The atomic bombings were one possible reason why Emperor Hirohito decided to surrender to the Allies.

Soviet war against Japan 
On August 8, 1945, the Soviet Union declared war on Japan, breaking the Soviet–Japanese Neutrality Pact This dashed any hopes of peace negotiated through the Soviet Union and was a big factor in the surrender of Japan The next day after, Soviet armies invaded Manchuria, attacking from all sides, except the south. On August 10, 1945, Soviet forces invaded Karafuto Prefecture. Following the declaration, Japan was at war with almost all non-neutral nations.

Korea 
On August 11, 1945, with the drafting of General Order No. 1, the 38th Parallel was set as the delineation between the Soviet and US occupation zones in Korea, with Japanese forces north the parallel surrendering to the Soviets, and south of it surrendering to the Americans.

The informal Japanese surrender 
On August 9, after the Nagasaki atomic bombing, shortly before midnight, Hirohito entered a meeting with his cabinet, where he said that he did not believe Japan could continue to fight the war. The next day, the Japanese Foreign Ministry transmitted to the Allies that they would accept the Potsdam Declaration. In the evening of August 14, Hirohito was recorded accepting the Potsdam Declaration at the NHK broadcasting studio. It would not be broadcast until the next day at noon.

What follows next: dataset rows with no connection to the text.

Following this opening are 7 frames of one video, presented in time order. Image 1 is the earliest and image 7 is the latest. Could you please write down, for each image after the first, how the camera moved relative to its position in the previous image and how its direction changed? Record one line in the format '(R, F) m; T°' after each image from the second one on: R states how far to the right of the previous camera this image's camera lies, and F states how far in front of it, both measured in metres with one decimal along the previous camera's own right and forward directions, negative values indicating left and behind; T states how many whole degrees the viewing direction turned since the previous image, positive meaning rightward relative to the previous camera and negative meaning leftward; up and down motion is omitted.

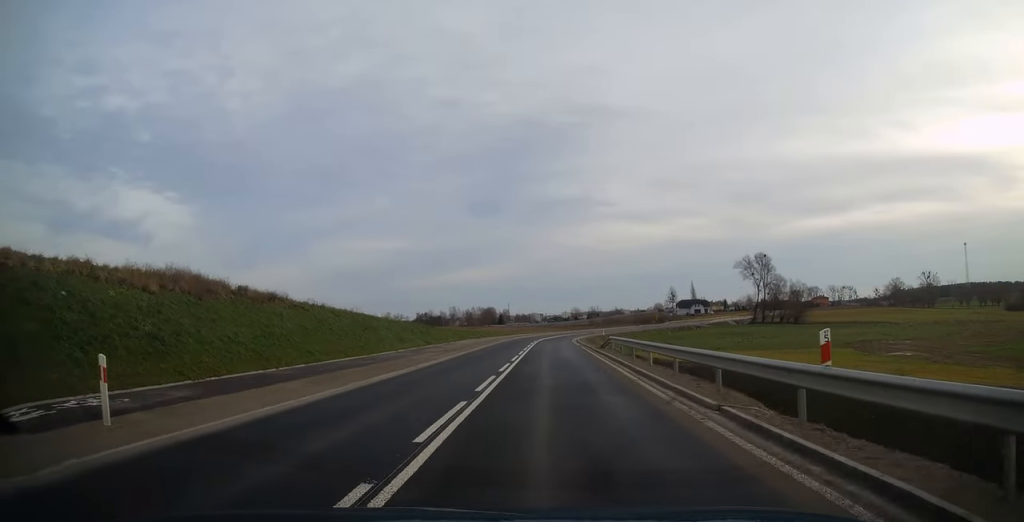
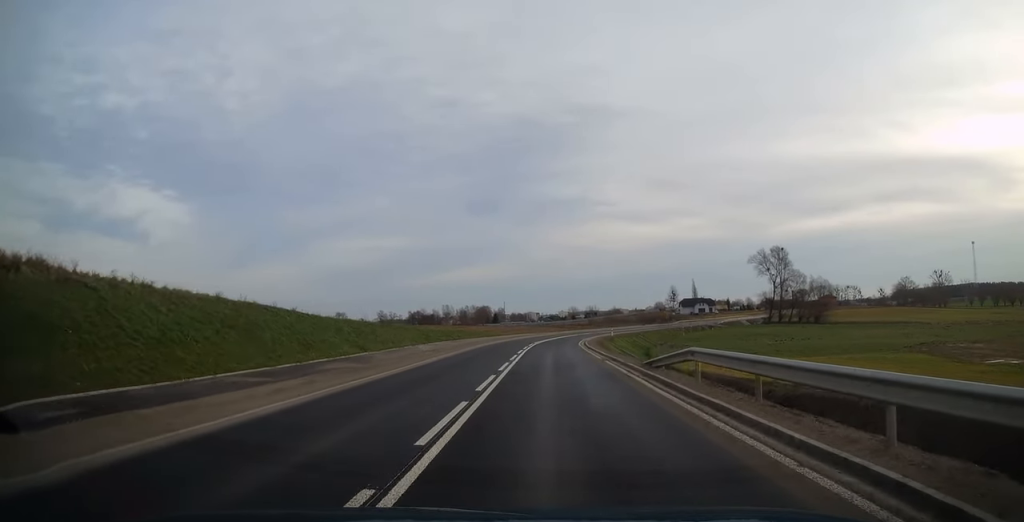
(-0.2, +18.3) m; 0°
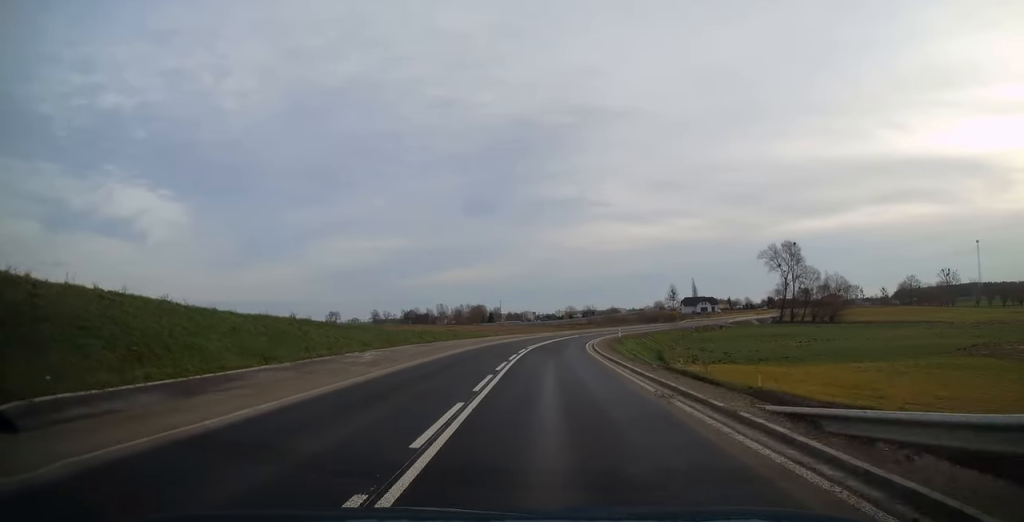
(-0.2, +12.3) m; 0°
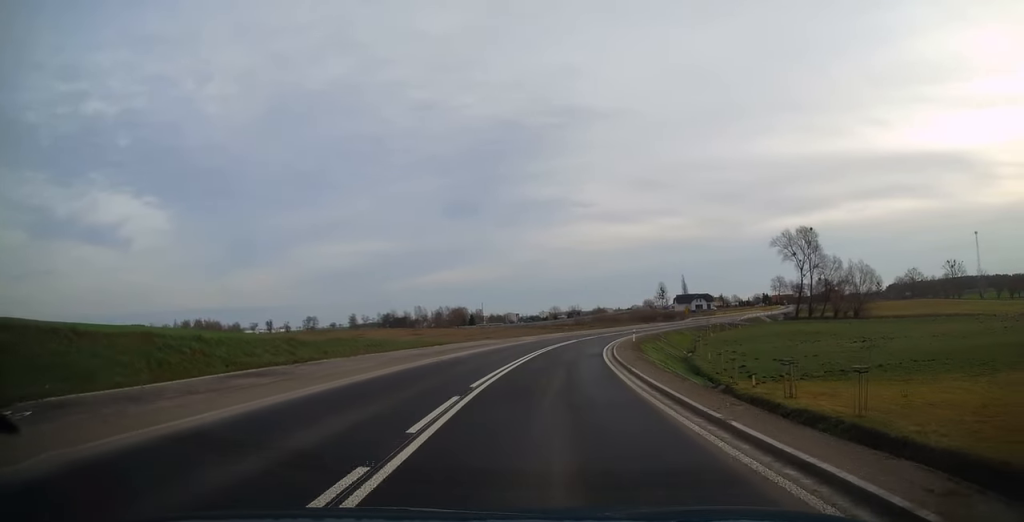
(+0.5, +23.0) m; +1°
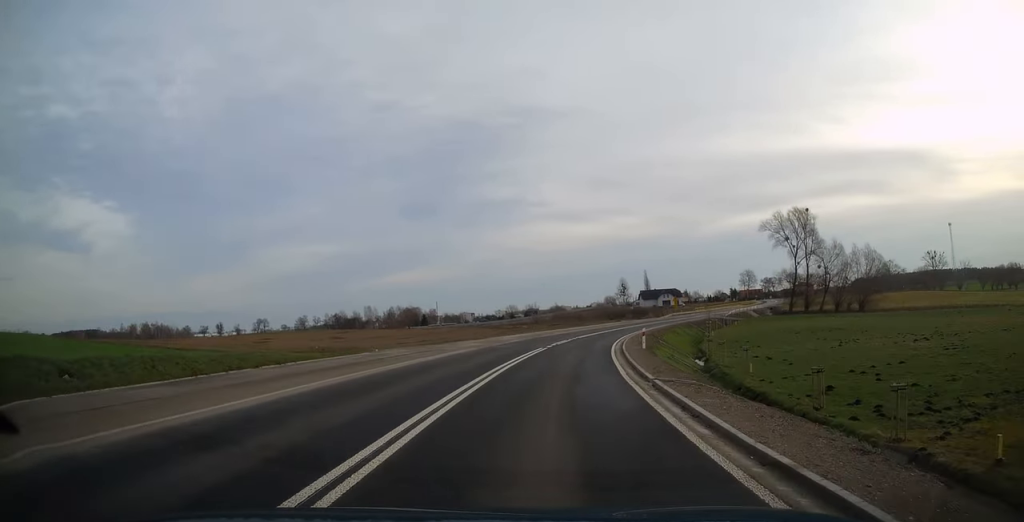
(0.0, +22.4) m; +1°
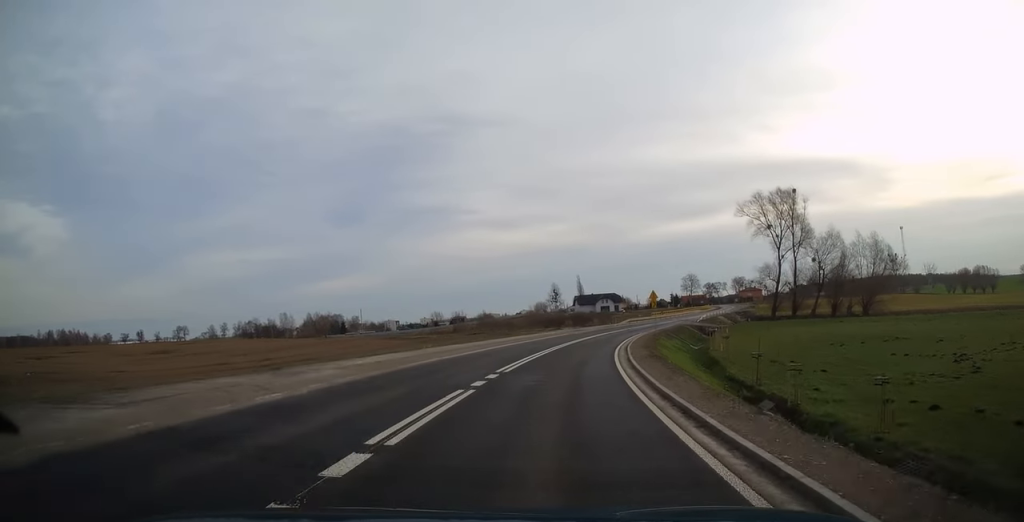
(+1.0, +28.9) m; +4°
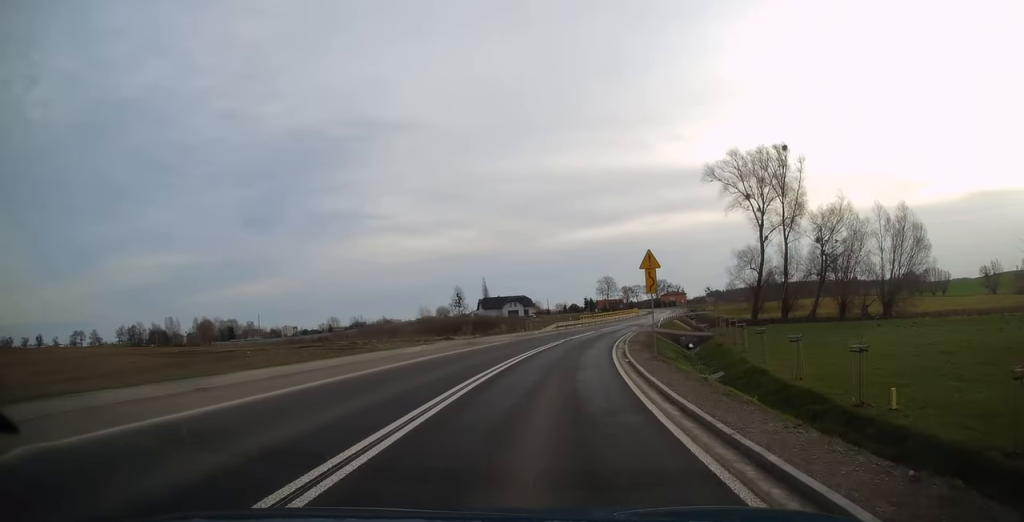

After the informal surrender

Douglas MacArthur 
General Douglas MacArthur was the Supreme Commander for the Allied Powers, and as such had complete control over the occupation of Japan. He issued General Order No. 1 on August 17, which ordered all Japanese forces to unconditionally surrender to an Allied power in the Pacific, depending on the location. On August 30, General Douglas MacArthur arrived at Atsugi Air Base in Japan to begin the occupation of Japan by the Allied Powers.

Last air casualty 
On August 18, Japanese pilots attacked two B-32s of the 386th Bombardment Squadron and 312th Bombardment Group on a photo reconnaissance mission over Japan. Sergeant Anthony Marchione, 19, a photographer's assistant, was fatally wounded in the attack and would be the last American killed in air combat in the Second World War.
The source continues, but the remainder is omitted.